Give the records below again exactly, and exclude each picture.

=== Begin Enclosure ===

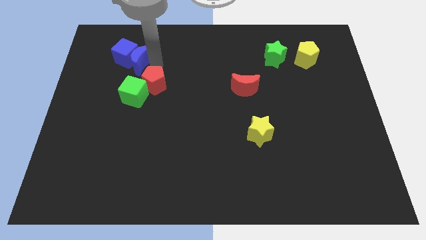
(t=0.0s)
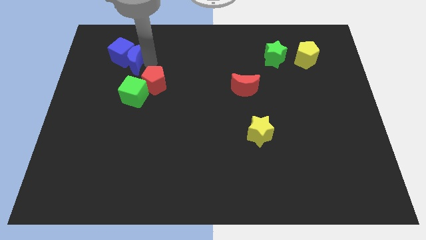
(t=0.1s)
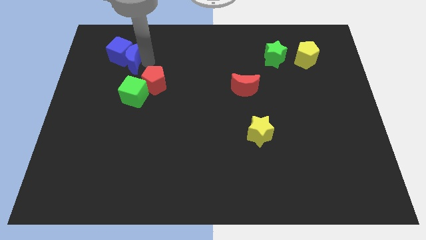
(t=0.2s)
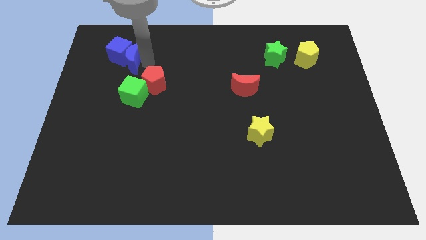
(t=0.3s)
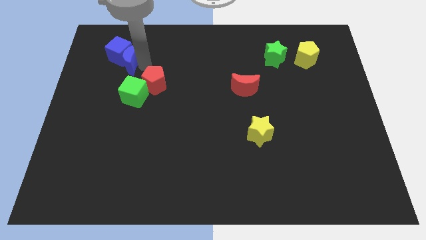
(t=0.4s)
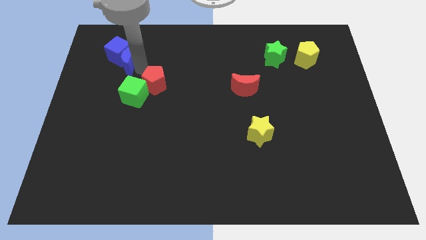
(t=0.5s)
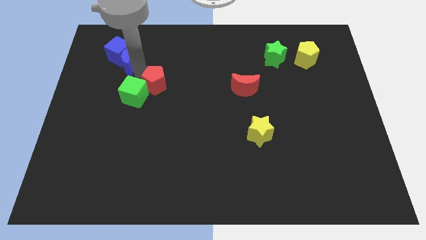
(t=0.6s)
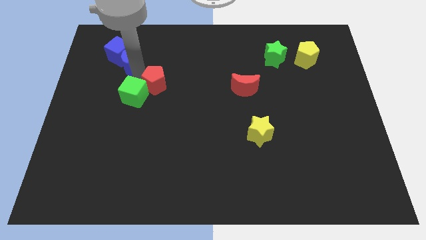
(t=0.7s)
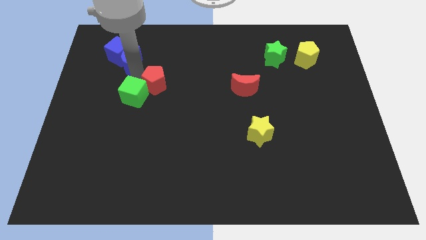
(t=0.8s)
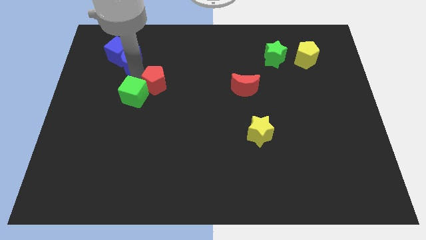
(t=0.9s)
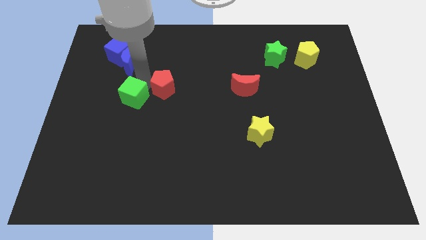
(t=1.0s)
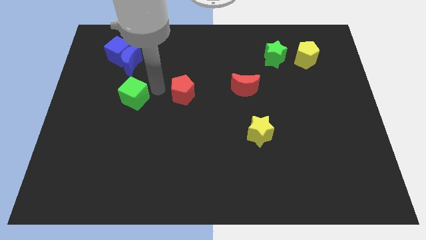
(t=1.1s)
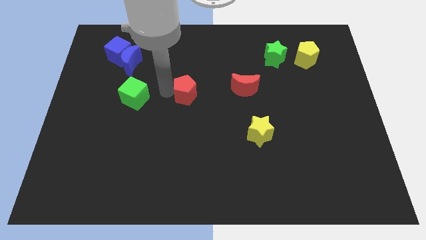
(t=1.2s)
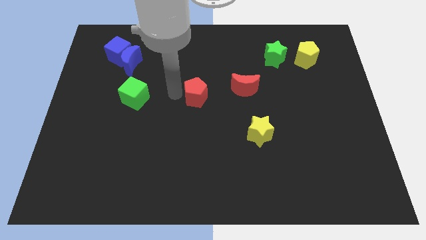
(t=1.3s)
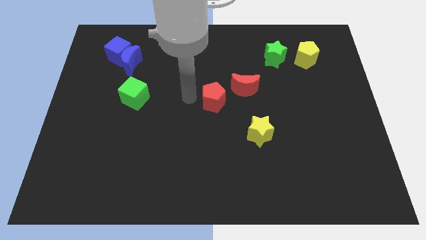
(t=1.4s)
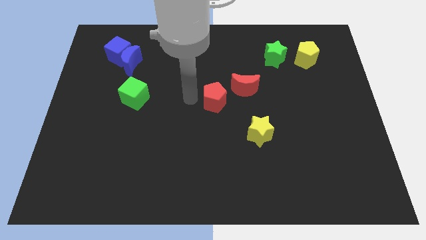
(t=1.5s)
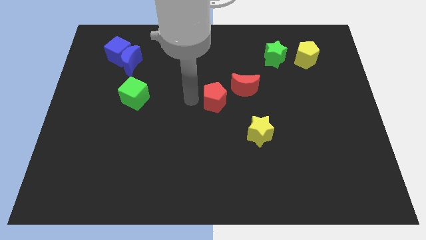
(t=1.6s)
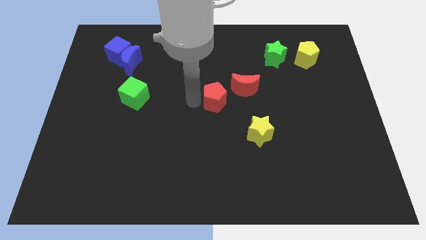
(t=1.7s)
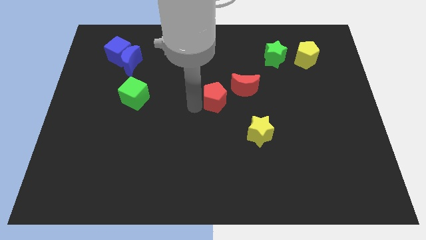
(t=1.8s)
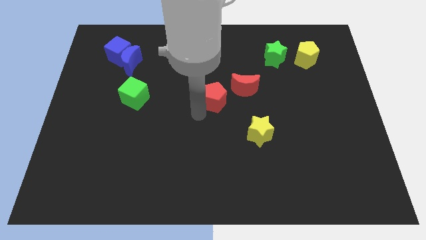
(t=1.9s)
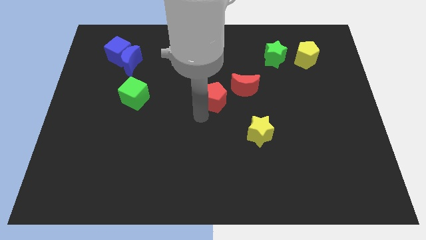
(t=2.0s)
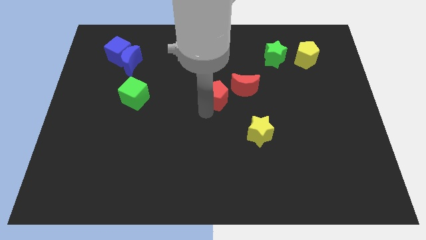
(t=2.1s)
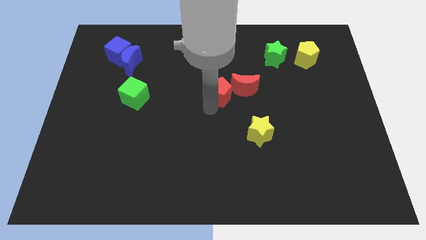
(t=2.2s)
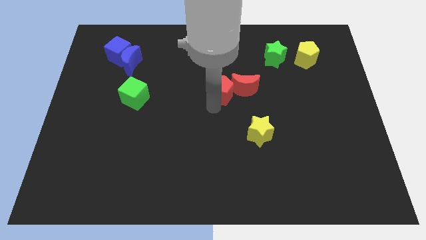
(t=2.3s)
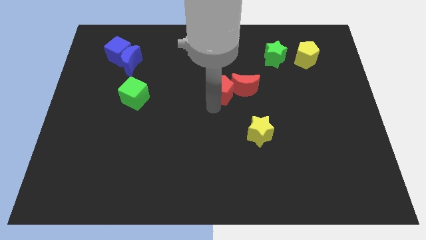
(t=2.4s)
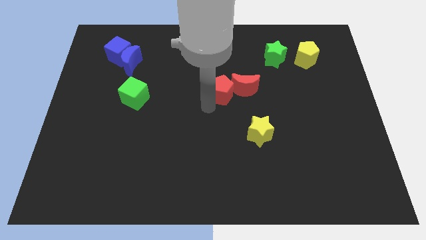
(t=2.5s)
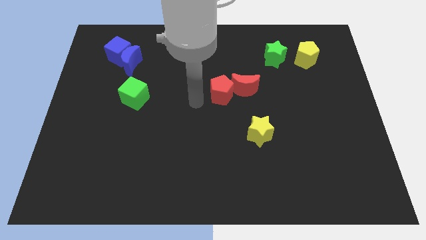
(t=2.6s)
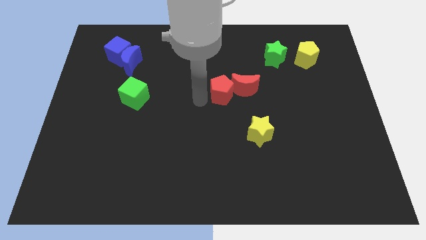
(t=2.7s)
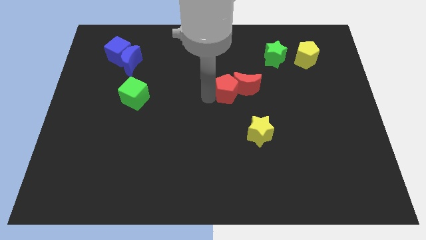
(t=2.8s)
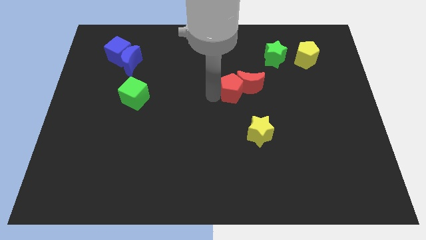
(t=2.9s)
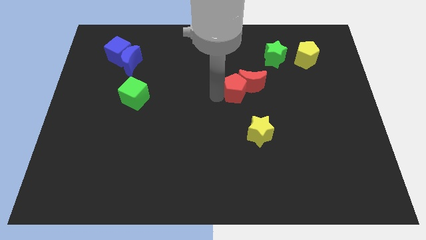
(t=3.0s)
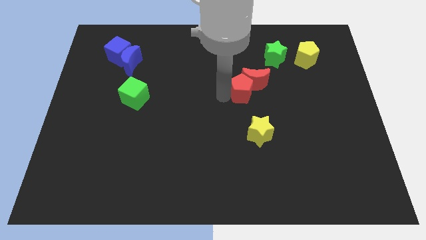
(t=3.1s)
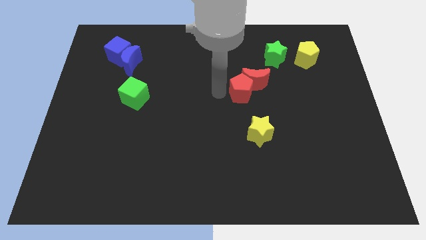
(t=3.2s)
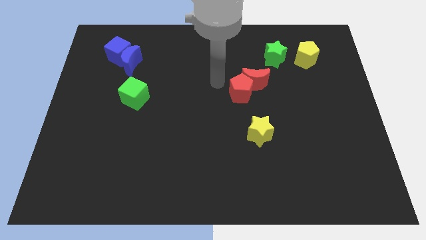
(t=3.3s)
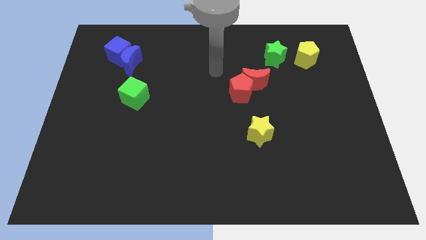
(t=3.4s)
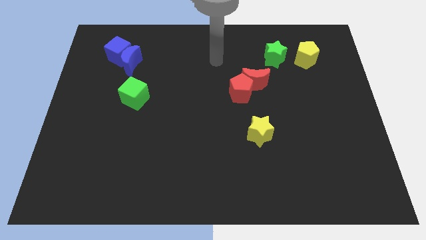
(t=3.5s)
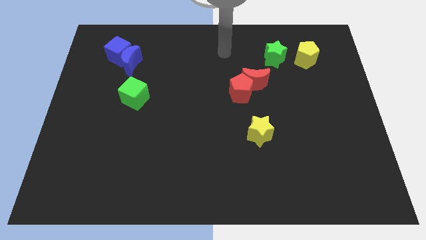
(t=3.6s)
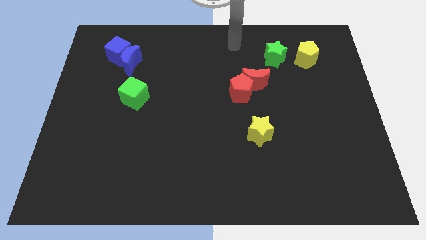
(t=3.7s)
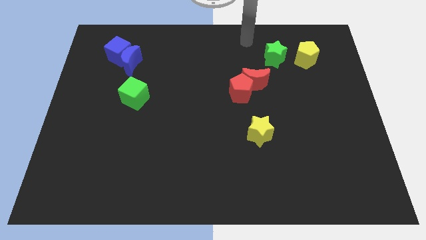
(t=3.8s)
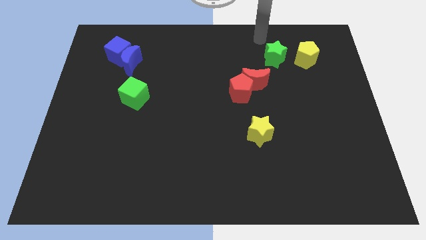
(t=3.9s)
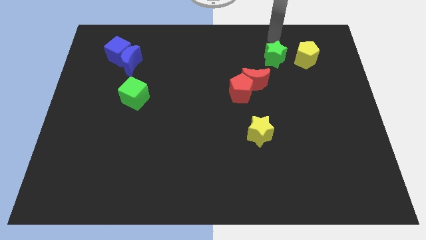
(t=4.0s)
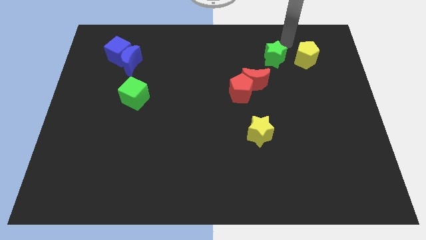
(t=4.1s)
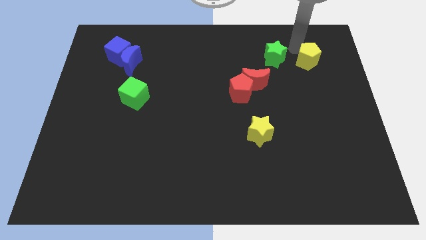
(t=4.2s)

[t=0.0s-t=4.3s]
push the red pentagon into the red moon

=== End Enclosure ===

_Answer to this task_
(t=0.0s)
(t=0.1s)
(t=0.2s)
(t=0.3s)
(t=0.4s)
(t=0.5s)
(t=0.6s)
(t=0.7s)
(t=0.8s)
(t=0.9s)
(t=1.0s)
(t=1.1s)
(t=1.2s)
(t=1.3s)
(t=1.4s)
(t=1.5s)
(t=1.6s)
(t=1.7s)
(t=1.8s)
(t=1.9s)
(t=2.0s)
(t=2.1s)
(t=2.2s)
(t=2.3s)
(t=2.4s)
(t=2.5s)
(t=2.6s)
(t=2.7s)
(t=2.8s)
(t=2.9s)
(t=3.0s)
(t=3.1s)
(t=3.2s)
(t=3.3s)
(t=3.4s)
(t=3.5s)
(t=3.6s)
(t=3.7s)
(t=3.8s)
(t=3.9s)
(t=4.0s)
(t=4.1s)
(t=4.2s)

[t=0.0s-t=4.3s]
push the red pentagon into the red moon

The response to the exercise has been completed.